La demande de dommage-intérêts sera rejetée, le juge des référés étant le juge de l'évidence et ne disposant pas des éléments suffisants pour caractériser une faute, un préjudice et un lien de causalité entre ceux-ci.
L'équité commande de faire application des dispositions de l'article 700 du code de procédure civile en condamnant Madame [K] [U] à payer au syndicat des copropriétaires de l'immeuble situé [Adresse 3] à [Localité 4] la somme de 2.000 euros.
Madame [K] [U] sera condamnée aux dépens.
PAR CES MOTIFS
Statuant publiquement, contradictoirement, en premier ressort et part mise à disposition au greffe,
Condamnons Madame [K] [U] à procéder à l'enlèvement de l'ensemble des déchets déposés dans les boxes et respecter la destination de ceux-ci, à faire poser des portes sur les boxes qui en son démunis, à faire procéder à l'enlèvement de voitures empêchant la libre circulation dans les parties communes de de l'immeuble et ce dans le délai d'un mois à compter de la présente ordonnance.

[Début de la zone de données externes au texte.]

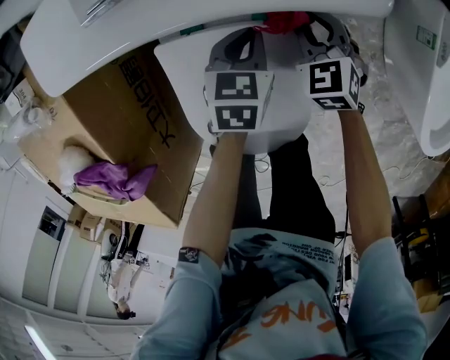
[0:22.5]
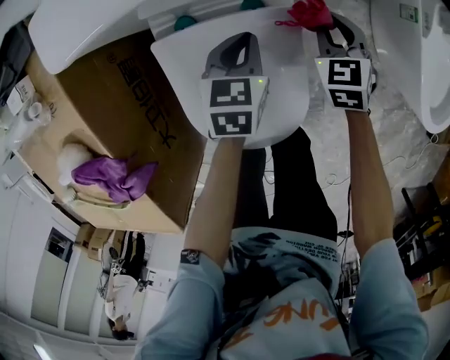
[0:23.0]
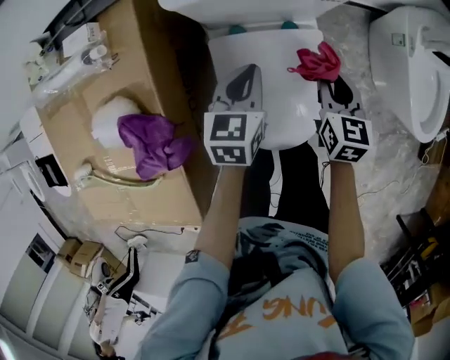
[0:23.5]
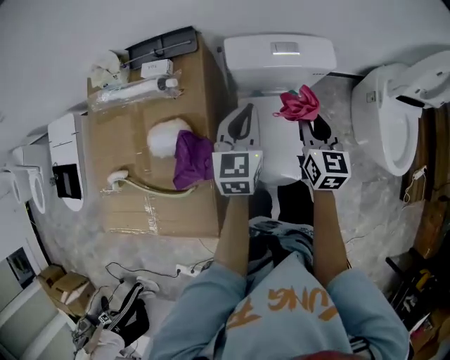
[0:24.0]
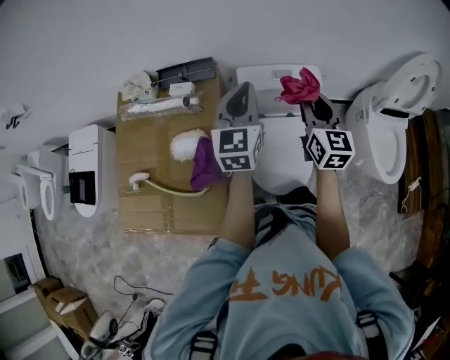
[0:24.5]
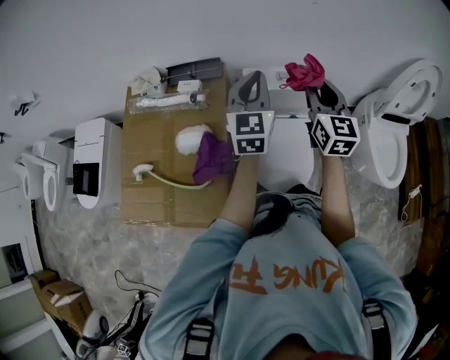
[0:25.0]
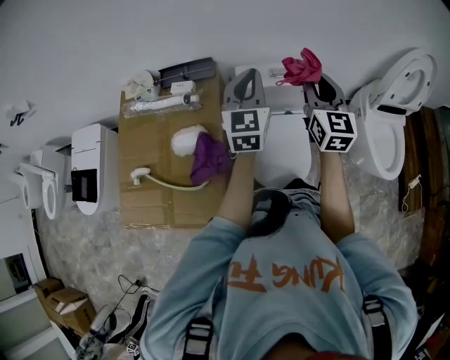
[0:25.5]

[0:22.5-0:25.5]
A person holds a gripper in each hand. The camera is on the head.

Disons que passé ce délai d'un mois, Madame [K] [U] sera condamnée au paiement d'une astreinte provisoire de 300 euros par jour de retard pendant un délai de quatre mois jusqu'à complète exécution des condamnations fixées ci dessus.
Condamnons Madame [K] [U] à payer au syndicat des copropriétaires de l'immeuble situé [Adresse 3] à [Localité 4] la somme de 2.000 euros en application des dispositions de l'article 700 du code de procédure civile.
Condamnons Madame [K] [U] aux dépens.
AINSI JUGÉ AU PALAIS DE JUSTICE DE BOBIGNY, LE 18 OCTOBRE 2024.